-------- Supplied entries
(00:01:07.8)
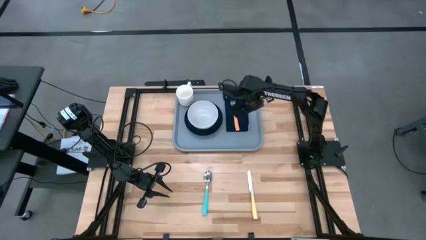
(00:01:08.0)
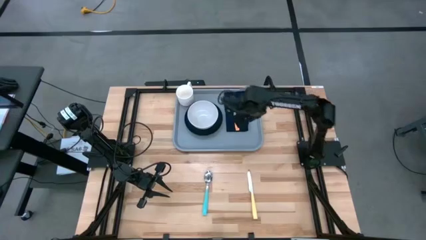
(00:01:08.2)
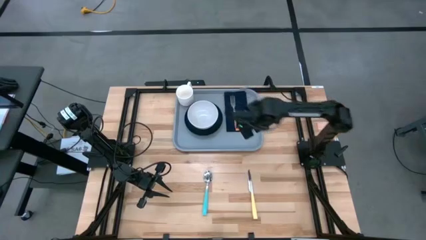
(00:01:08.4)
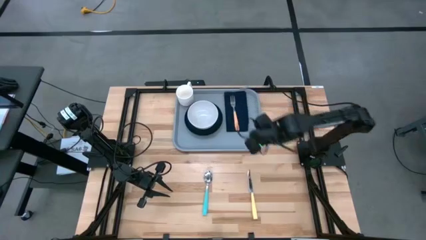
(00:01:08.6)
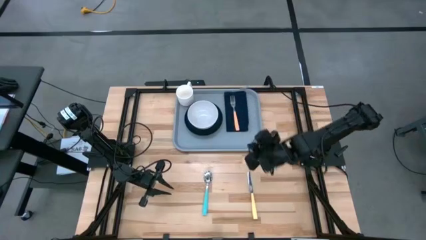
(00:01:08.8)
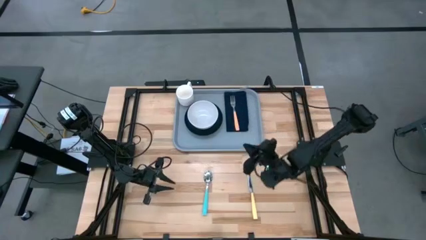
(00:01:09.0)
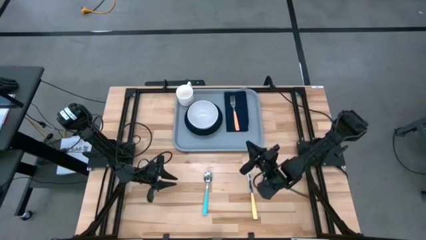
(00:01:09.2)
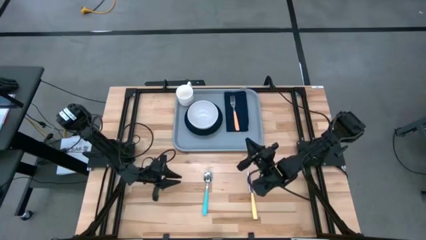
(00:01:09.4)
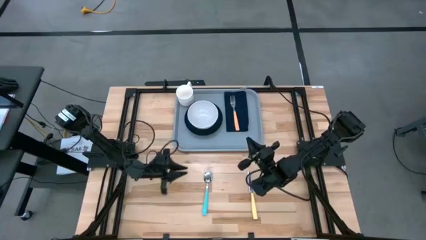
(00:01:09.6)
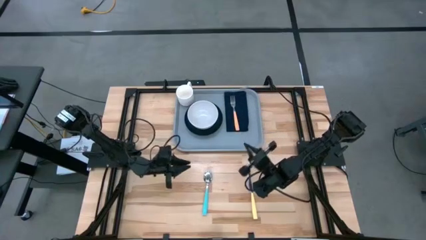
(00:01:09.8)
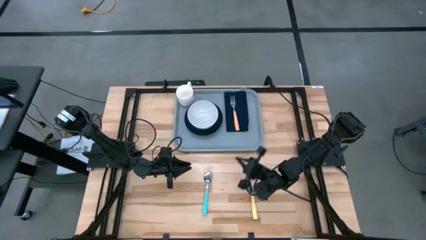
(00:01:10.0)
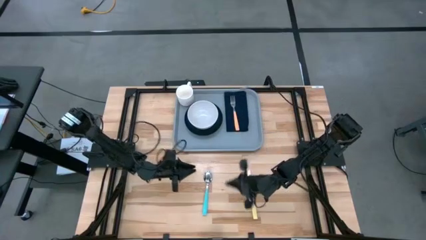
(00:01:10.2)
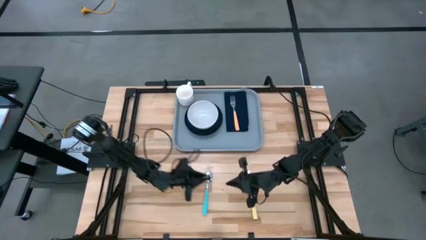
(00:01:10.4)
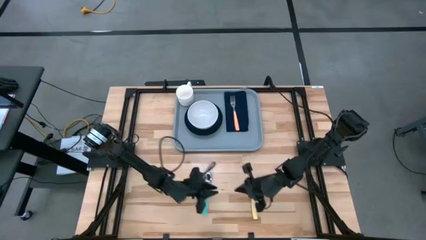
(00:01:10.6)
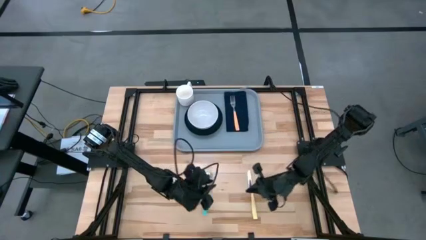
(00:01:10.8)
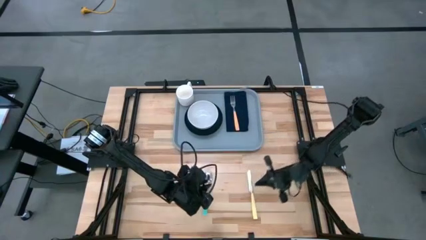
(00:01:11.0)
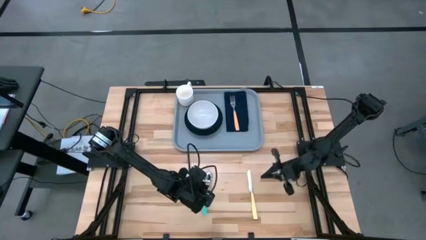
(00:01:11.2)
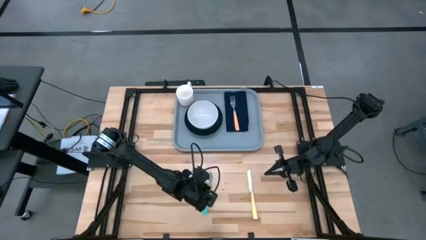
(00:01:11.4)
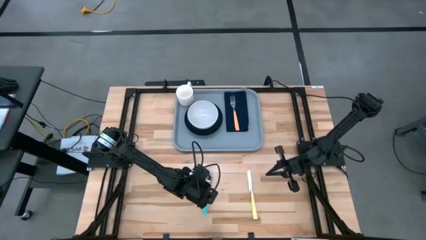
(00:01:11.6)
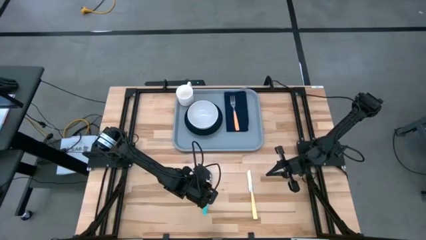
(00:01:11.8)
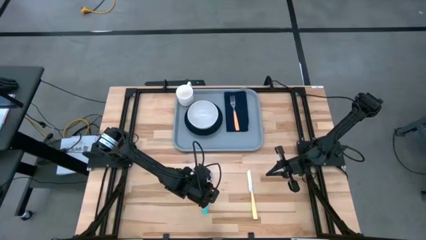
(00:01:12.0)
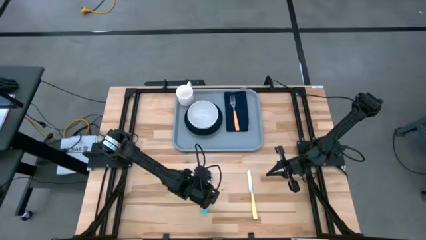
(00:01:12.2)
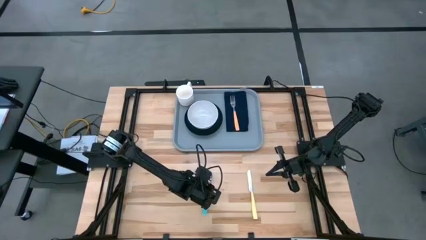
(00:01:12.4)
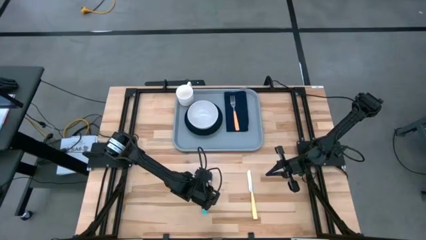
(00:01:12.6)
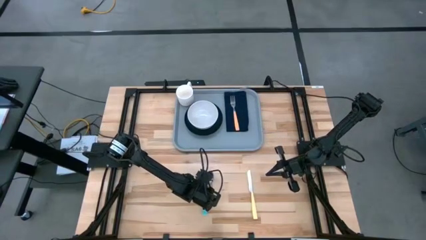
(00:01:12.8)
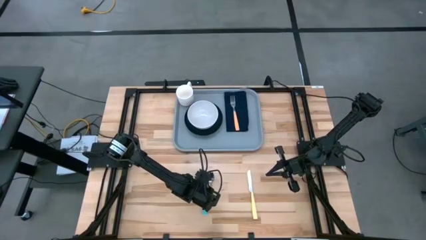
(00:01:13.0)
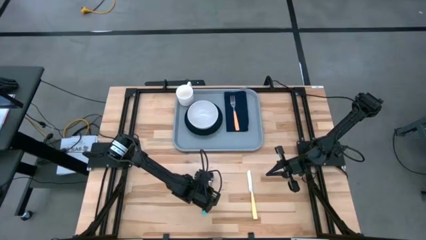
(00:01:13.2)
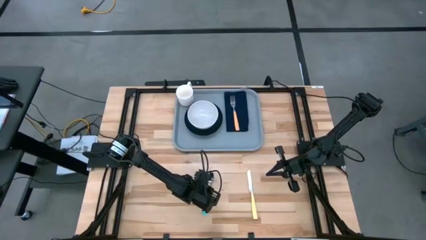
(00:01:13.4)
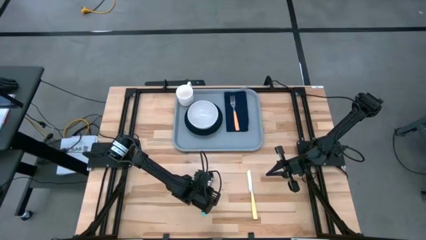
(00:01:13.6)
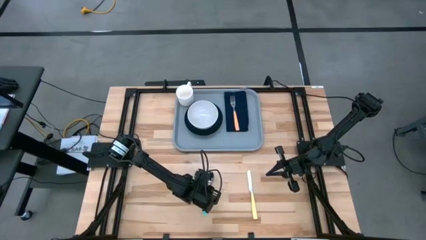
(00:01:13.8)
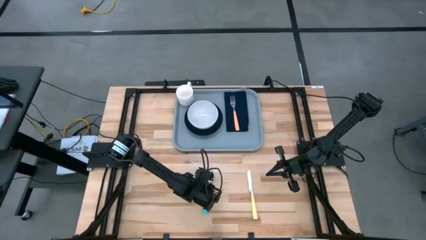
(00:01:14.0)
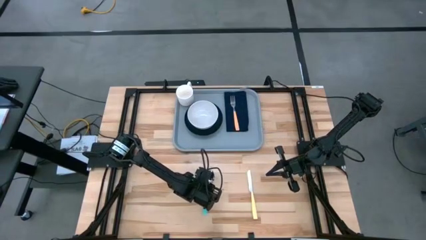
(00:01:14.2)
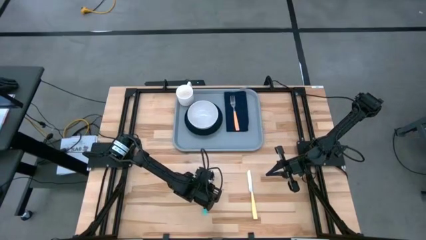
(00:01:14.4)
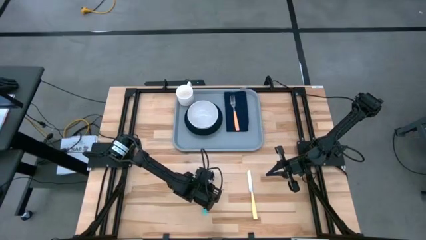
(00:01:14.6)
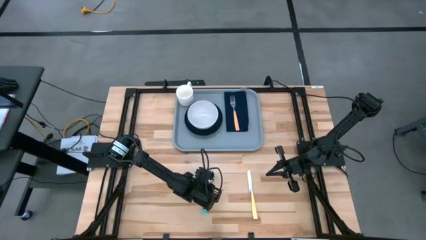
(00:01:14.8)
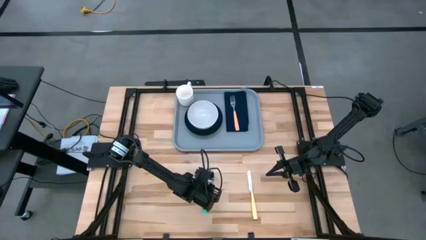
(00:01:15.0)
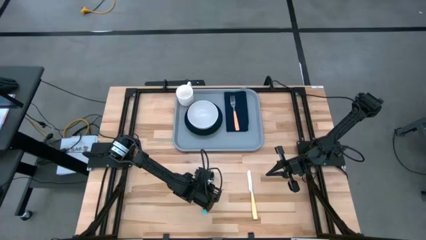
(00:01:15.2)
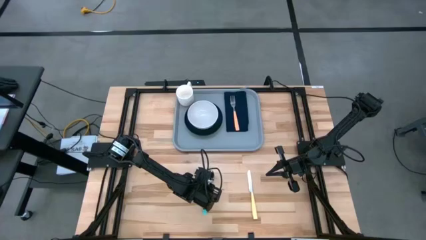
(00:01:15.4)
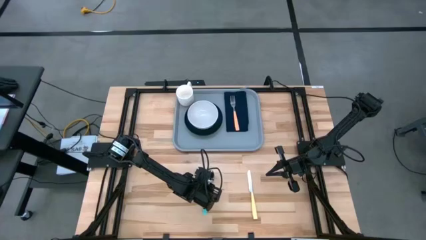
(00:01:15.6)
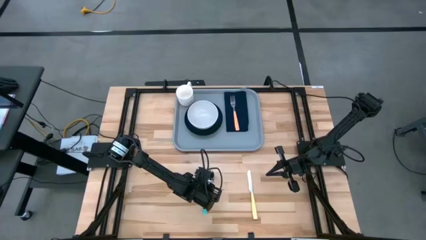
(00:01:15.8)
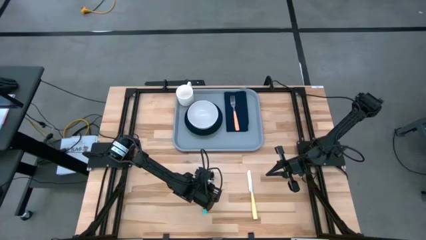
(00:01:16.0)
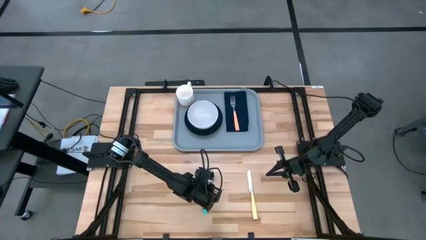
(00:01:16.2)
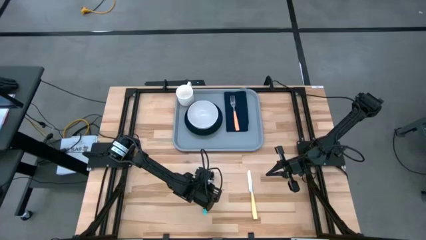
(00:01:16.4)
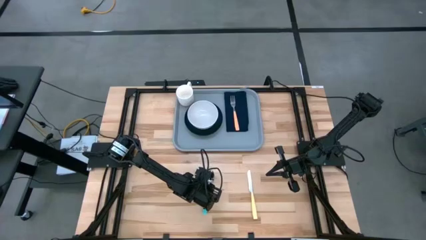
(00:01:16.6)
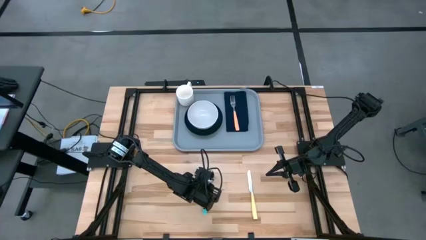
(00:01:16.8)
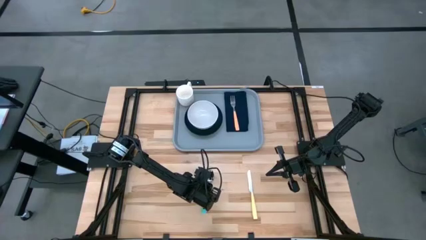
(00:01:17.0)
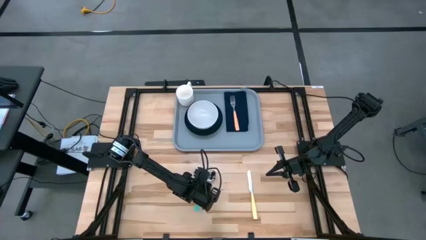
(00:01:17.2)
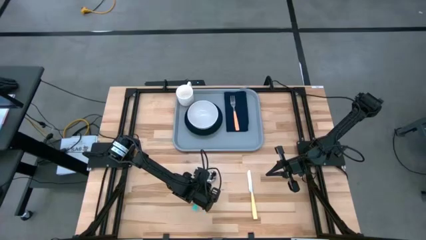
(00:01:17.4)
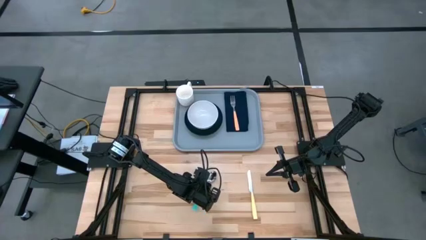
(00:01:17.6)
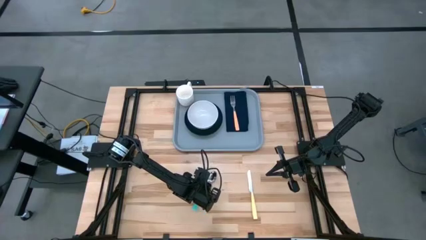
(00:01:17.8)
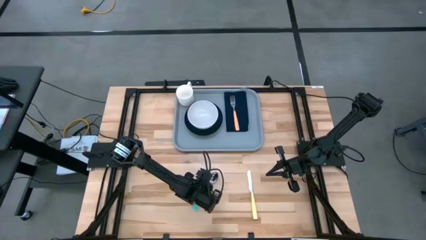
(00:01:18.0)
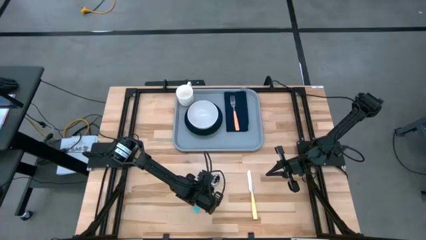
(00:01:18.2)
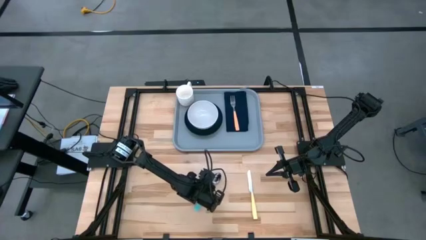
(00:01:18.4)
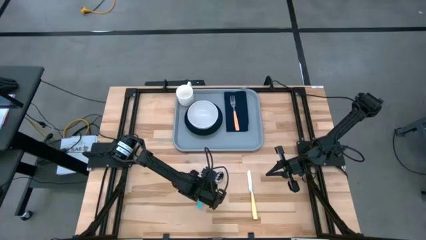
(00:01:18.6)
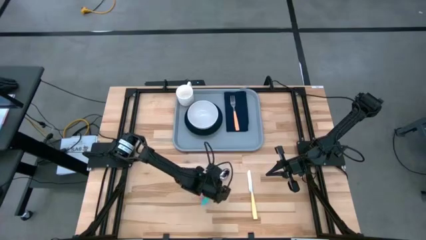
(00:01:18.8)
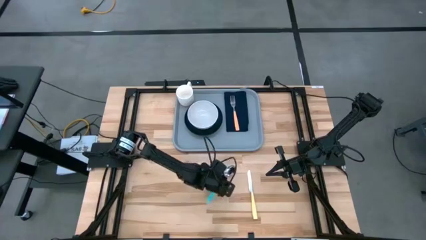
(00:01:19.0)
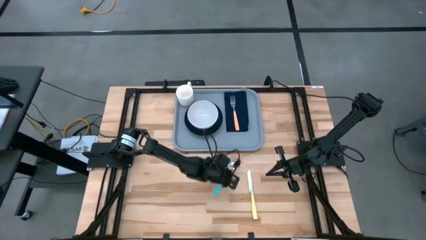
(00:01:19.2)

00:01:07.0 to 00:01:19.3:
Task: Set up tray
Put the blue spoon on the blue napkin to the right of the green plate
----------------
__The problem__:
Apart from the pictures, every record must be set down exactly.

__Response area__:
(00:01:07.8)
(00:01:08.0)
(00:01:08.2)
(00:01:08.4)
(00:01:08.6)
(00:01:08.8)
(00:01:09.0)
(00:01:09.2)
(00:01:09.4)
(00:01:09.6)
(00:01:09.8)
(00:01:10.0)
(00:01:10.2)
(00:01:10.4)
(00:01:10.6)
(00:01:10.8)
(00:01:11.0)
(00:01:11.2)
(00:01:11.4)
(00:01:11.6)
(00:01:11.8)
(00:01:12.0)
(00:01:12.2)
(00:01:12.4)
(00:01:12.6)
(00:01:12.8)
(00:01:13.0)
(00:01:13.2)
(00:01:13.4)
(00:01:13.6)
(00:01:13.8)
(00:01:14.0)
(00:01:14.2)
(00:01:14.4)
(00:01:14.6)
(00:01:14.8)
(00:01:15.0)
(00:01:15.2)
(00:01:15.4)
(00:01:15.6)
(00:01:15.8)
(00:01:16.0)
(00:01:16.2)
(00:01:16.4)
(00:01:16.6)
(00:01:16.8)
(00:01:17.0)
(00:01:17.2)
(00:01:17.4)
(00:01:17.6)
(00:01:17.8)
(00:01:18.0)
(00:01:18.2)
(00:01:18.4)
(00:01:18.6)
(00:01:18.8)
(00:01:19.0)
(00:01:19.2)

00:01:07.0 to 00:01:19.3:
Task: Set up tray
Put the blue spoon on the blue napkin to the right of the green plate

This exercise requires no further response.